The entries that follow contain images, which should be left out; output everything else exactly.

*** Given data Section Begins ***

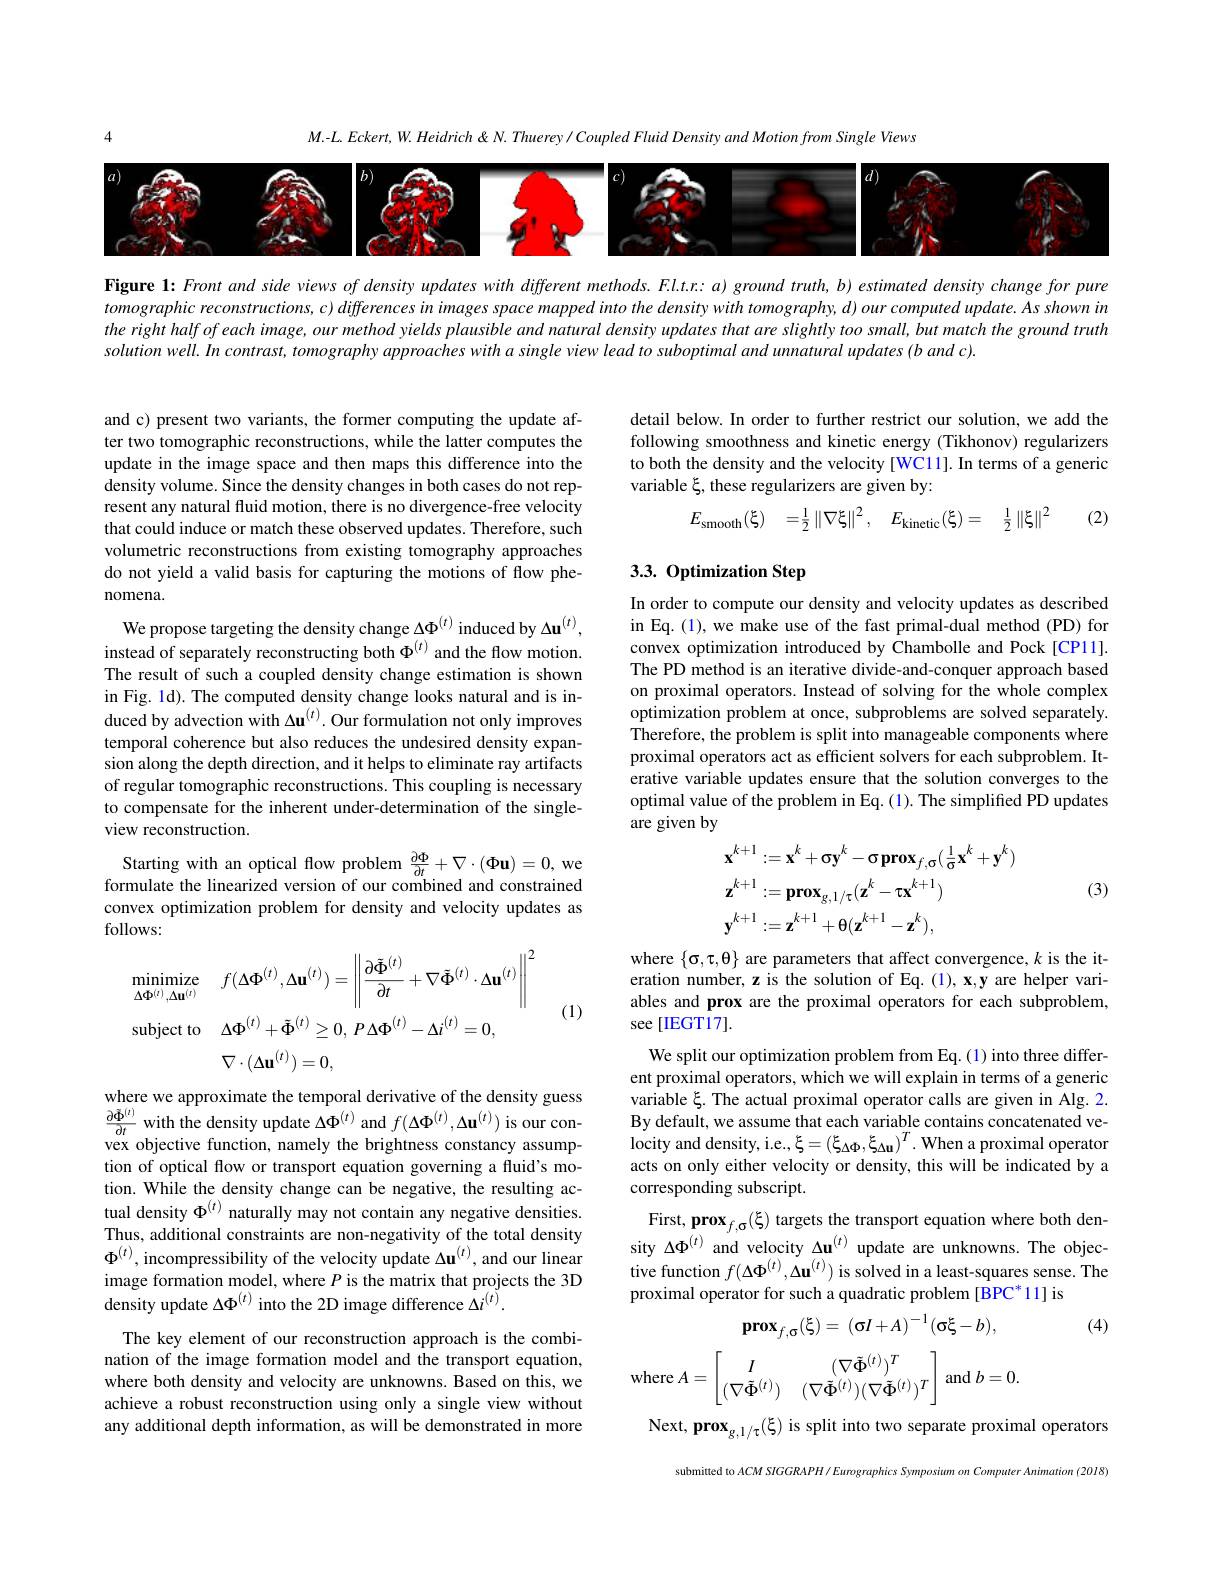
$M.-L.Eckert,W.Heidrich\&N.Thuerey/CoupledFluidDensityandMotionfromSingleViews$

<FigureHere>

Figure 1: Front and side views of density updates with different methods. Fl.t.r: a) ground truth, b) estimated density change for pure $tomographic~reconstructions,~c)~differences~in~images~space~mapped~into~the~density~with~tomography,~d)~our~computed~update.~As~shown~in~tomographic~reconstructions,~c)~differences~in~images~space~mapped~into~the~de~density~with~tomography,~d)~our~compu$ the right half of each image, our method yields plausible and natural density updates that are slightly too small, but match the ground truth solution well. In contrast, tomography approaches with $a$ single view lead to suboptimal and unnnatural updates (b and c).

and c) present two variants, the former computing the update after two tomographic reconstructions, while the latter computes the update in the image space and then maps this difference into the density volume. Since the density changes in both cases do not represent any natural fluid motion, there is no divergence-free velocity that could induce or match these observed updates. Therefore, such volumetric reconstructions from existing tomography approaches do not yield a valid basis for capturing the motions of flow phenomena.

We propose targeting the density change $\Delta\Phi^{(t)}$ induced by $\Delta\mathbf{u}^{(t)}$, instead of separately reconstructing both $\Phi^{(t)}$ and the flow motion. The result of such a coupled density change estimation is shown in Fig. 1d). The computed density change looks natural and is induced by advection with $\Delta\mathbf{u}^{(t)}.$ Our formulation not only improves temporal coherence but also reduces the undesired density expansion along the depth direction, and it helps to eliminate ray artifacts of regular tomographic reconstructions. This coupling is necessary to compensate for the inherent under-determination of the singleview reconstruction.
Starting with an optical flow problem $\frac{\partial\Phi}{\partial t}+\nabla\cdot(\Phi\mathbf{u})=0$, we formulate the linearized version of our combined and constrained convex optimization problem for density and velocity updates as follows:
$$\begin{aligned}&\operatorname*{minimize}_{\Delta\Phi^{(t)},\Delta\mathbf{u}^{(t)}}f(\Delta\Phi^{(t)},\Delta\mathbf{u}^{(t)})=\left\|\frac{\partial\tilde{\Phi}^{(t)}}{\partial t}+\nabla\tilde{\Phi}^{(t)}\cdot\Delta\mathbf{u}^{(t)}\right\|^{2}\\&\mathrm{subject~to}\Delta\Phi^{(t)}+\tilde{\Phi}^{(t)}\geq0,\:P\Delta\Phi^{(t)}-\Delta i^{(t)}=0,\\&\nabla\cdot(\Delta\mathbf{u}^{(t)})=0,\end{aligned}$$
(1)

where we approximate the temporal derivative of the density guess $\frac{\partial\Phi^{(t)}}{\partial t}$ with the density update $\Delta\Phi^{(t)}$ and $f(\Delta\Phi^{(t)},\Delta\mathbf{u}^{(t)})$ is our convex objective function, namely the brightness constancy assumption of optical flow or transport equation governing a fluid's motion. While the density change can be negative, the resulting actual density $\Phi^{(t)}$ naturally may not contain any negative densities. Thus, additional constraints are non-negativity of the total density $\Phi^{(t)}$, incompressibility of the velocity update $\Delta\mathbf{u}^{(t)}$, and our linear image formation model, where $P$ is the matrix that projects the 3D density update $\Delta\Phi^{(t)}$ into the 2D image difference $\Delta i^{(t)}.$

The key element of our reconstruction approach is the combination of the image formation model and the transport equation, where both density and velocity are unknowns. Based on this, we achieve a robust reconstruction using only a single view without any additional depth information, as will be demonstrated in more

detail below. In order to further restrict our solution, we add the following smoothness and kinetic energy (Tikhonov) regularizers to both the density and the velocity [WC11]. In terms of a generic variable $\xi$, these regularizers are given by:

(2)
$$E_{\mathrm{smooth}}(\xi)\quad=\frac{1}{2}\left\|\nabla\xi\right\|^{2},\quad E_{\mathrm{kinetic}}(\xi)=\quad\frac{1}{2}\left\|\xi\right\|^{2}$$
## 3.3. Optimization Step

In order to compute our density and velocity updates as described in Eq.(1), we make use of the fast primal-dual method (PD) for convex optimization introduced by Chambolle and Pock[CP11]. The PD method is an iterative divide-and-conquer approach based on proximal operators. Instead of solving for the whole complex optimization problem at once, subproblems are solved separately. Therefore, the problem is split into manageable components where proximal operators act as efficient solvers for each subproblem. Iterative variable updates ensure that the solution converges to the optimal value of the problem in Eq.(1). The simplified PD updates are given by
$$\begin{aligned}&\mathbf{x}^{k+1}:=\mathbf{x}^{k}+\mathbf{\sigma}\mathbf{y}^{k}-\mathbf{\sigma}\mathbf{prox}_{f,\mathbf{\sigma}}(\frac{1}{\mathbf{\sigma}}\mathbf{x}^{k}+\mathbf{y}^{k})\\&\mathbf{z}^{k+1}:=\mathbf{prox}_{g,1/\tau}(\mathbf{z}^{k}-\mathbf{\tau}\mathbf{x}^{k+1})\\&\mathbf{y}^{k+1}:=\mathbf{z}^{k+1}+\theta(\mathbf{z}^{k+1}-\mathbf{z}^{k}),\end{aligned}$$
(3)

where $\{\sigma,\tau,\Theta\}$ are parameters that affect convergence, $k$ is the iteration number, z is the solution of Eq. (1), x,y are helper variables and prox are the proximal operators for each subproblem, see [IEGT17]
We split our optimization problem from Eq. (1) into three different proximal operators, which we will explain in terms of a generic variable $\xi$. The actual proximal operator calls are given in Alg. 2. By default, we assume that each variable contains concatenated velocity and density, i.e., $\xi=(\xi_{\Delta\Phi},\xi_{\Delta\mathbf{u}})^{T}.$ When a proximal operator acts on only either velocity or density, this will be indicated by a corresponding subscript.
First, prox$_f,\sigma(\xi)$ targets the transport equation where both density $\Delta\Phi^{(t)}$ and velocity $\Delta\mathbf{u}^{(t)}$ update are unknowns. The objective function $f(\Delta\Phi^{(t)},\Delta\mathbf{u}^{(t)})$ is solved in a least-squares sense. The proximal operator for such a quadratic problem [BPC*11] is
$$\mathbf{prox}_{f,\sigma}(\xi)=\:\left(\sigma I+A\right)^{-1}(\sigma\xi-b),$$
(4)
$$\text{where}A=\begin{bmatrix}I&(\nabla\tilde{\Phi}^{(t)})^T\\(\nabla\tilde{\Phi}^{(t)})&(\nabla\tilde{\Phi}^{(t)})(\nabla\tilde{\Phi}^{(t)})^T\end{bmatrix}\text{and}b=0.$$
Next, prox$_{g,1/\tau}(\xi)$ is split into two separate proximal operators

submitted

$ACM$ SIGGRAPH/ Eurographics Symposium on Computer Animation (2018)

*** Given data Section Ends ***

> Your solution
$M.-L.Eckert,W.Heidrich\&N.Thuerey/CoupledFluidDensityandMotionfromSingleViews$

<FigureHere>

Figure 1: Front and side views of density updates with different methods. Fl.t.r: a) ground truth, b) estimated density change for pure $tomographic~reconstructions,~c)~differences~in~images~space~mapped~into~the~density~with~tomography,~d)~our~computed~update.~As~shown~in~tomographic~reconstructions,~c)~differences~in~images~space~mapped~into~the~de~density~with~tomography,~d)~our~compu$ the right half of each image, our method yields plausible and natural density updates that are slightly too small, but match the ground truth solution well. In contrast, tomography approaches with $a$ single view lead to suboptimal and unnnatural updates (b and c).

and c) present two variants, the former computing the update after two tomographic reconstructions, while the latter computes the update in the image space and then maps this difference into the density volume. Since the density changes in both cases do not represent any natural fluid motion, there is no divergence-free velocity that could induce or match these observed updates. Therefore, such volumetric reconstructions from existing tomography approaches do not yield a valid basis for capturing the motions of flow phenomena.

We propose targeting the density change $\Delta\Phi^{(t)}$ induced by $\Delta\mathbf{u}^{(t)}$, instead of separately reconstructing both $\Phi^{(t)}$ and the flow motion. The result of such a coupled density change estimation is shown in Fig. 1d). The computed density change looks natural and is induced by advection with $\Delta\mathbf{u}^{(t)}.$ Our formulation not only improves temporal coherence but also reduces the undesired density expansion along the depth direction, and it helps to eliminate ray artifacts of regular tomographic reconstructions. This coupling is necessary to compensate for the inherent under-determination of the singleview reconstruction.
Starting with an optical flow problem $\frac{\partial\Phi}{\partial t}+\nabla\cdot(\Phi\mathbf{u})=0$, we formulate the linearized version of our combined and constrained convex optimization problem for density and velocity updates as follows:
$$\begin{aligned}&\operatorname*{minimize}_{\Delta\Phi^{(t)},\Delta\mathbf{u}^{(t)}}f(\Delta\Phi^{(t)},\Delta\mathbf{u}^{(t)})=\left\|\frac{\partial\tilde{\Phi}^{(t)}}{\partial t}+\nabla\tilde{\Phi}^{(t)}\cdot\Delta\mathbf{u}^{(t)}\right\|^{2}\\&\mathrm{subject~to}\Delta\Phi^{(t)}+\tilde{\Phi}^{(t)}\geq0,\:P\Delta\Phi^{(t)}-\Delta i^{(t)}=0,\\&\nabla\cdot(\Delta\mathbf{u}^{(t)})=0,\end{aligned}$$
(1)

where we approximate the temporal derivative of the density guess $\frac{\partial\Phi^{(t)}}{\partial t}$ with the density update $\Delta\Phi^{(t)}$ and $f(\Delta\Phi^{(t)},\Delta\mathbf{u}^{(t)})$ is our convex objective function, namely the brightness constancy assumption of optical flow or transport equation governing a fluid's motion. While the density change can be negative, the resulting actual density $\Phi^{(t)}$ naturally may not contain any negative densities. Thus, additional constraints are non-negativity of the total density $\Phi^{(t)}$, incompressibility of the velocity update $\Delta\mathbf{u}^{(t)}$, and our linear image formation model, where $P$ is the matrix that projects the 3D density update $\Delta\Phi^{(t)}$ into the 2D image difference $\Delta i^{(t)}.$

The key element of our reconstruction approach is the combination of the image formation model and the transport equation, where both density and velocity are unknowns. Based on this, we achieve a robust reconstruction using only a single view without any additional depth information, as will be demonstrated in more

detail below. In order to further restrict our solution, we add the following smoothness and kinetic energy (Tikhonov) regularizers to both the density and the velocity [WC11]. In terms of a generic variable $\xi$, these regularizers are given by:

(2)
$$E_{\mathrm{smooth}}(\xi)\quad=\frac{1}{2}\left\|\nabla\xi\right\|^{2},\quad E_{\mathrm{kinetic}}(\xi)=\quad\frac{1}{2}\left\|\xi\right\|^{2}$$
## 3.3. Optimization Step

In order to compute our density and velocity updates as described in Eq.(1), we make use of the fast primal-dual method (PD) for convex optimization introduced by Chambolle and Pock[CP11]. The PD method is an iterative divide-and-conquer approach based on proximal operators. Instead of solving for the whole complex optimization problem at once, subproblems are solved separately. Therefore, the problem is split into manageable components where proximal operators act as efficient solvers for each subproblem. Iterative variable updates ensure that the solution converges to the optimal value of the problem in Eq.(1). The simplified PD updates are given by
$$\begin{aligned}&\mathbf{x}^{k+1}:=\mathbf{x}^{k}+\mathbf{\sigma}\mathbf{y}^{k}-\mathbf{\sigma}\mathbf{prox}_{f,\mathbf{\sigma}}(\frac{1}{\mathbf{\sigma}}\mathbf{x}^{k}+\mathbf{y}^{k})\\&\mathbf{z}^{k+1}:=\mathbf{prox}_{g,1/\tau}(\mathbf{z}^{k}-\mathbf{\tau}\mathbf{x}^{k+1})\\&\mathbf{y}^{k+1}:=\mathbf{z}^{k+1}+\theta(\mathbf{z}^{k+1}-\mathbf{z}^{k}),\end{aligned}$$
(3)

where $\{\sigma,\tau,\Theta\}$ are parameters that affect convergence, $k$ is the iteration number, z is the solution of Eq. (1), x,y are helper variables and prox are the proximal operators for each subproblem, see [IEGT17]
We split our optimization problem from Eq. (1) into three different proximal operators, which we will explain in terms of a generic variable $\xi$. The actual proximal operator calls are given in Alg. 2. By default, we assume that each variable contains concatenated velocity and density, i.e., $\xi=(\xi_{\Delta\Phi},\xi_{\Delta\mathbf{u}})^{T}.$ When a proximal operator acts on only either velocity or density, this will be indicated by a corresponding subscript.
First, prox$_f,\sigma(\xi)$ targets the transport equation where both density $\Delta\Phi^{(t)}$ and velocity $\Delta\mathbf{u}^{(t)}$ update are unknowns. The objective function $f(\Delta\Phi^{(t)},\Delta\mathbf{u}^{(t)})$ is solved in a least-squares sense. The proximal operator for such a quadratic problem [BPC*11] is
$$\mathbf{prox}_{f,\sigma}(\xi)=\:\left(\sigma I+A\right)^{-1}(\sigma\xi-b),$$
(4)
$$\text{where}A=\begin{bmatrix}I&(\nabla\tilde{\Phi}^{(t)})^T\\(\nabla\tilde{\Phi}^{(t)})&(\nabla\tilde{\Phi}^{(t)})(\nabla\tilde{\Phi}^{(t)})^T\end{bmatrix}\text{and}b=0.$$
Next, prox$_{g,1/\tau}(\xi)$ is split into two separate proximal operators

submitted

$ACM$ SIGGRAPH/ Eurographics Symposium on Computer Animation (2018)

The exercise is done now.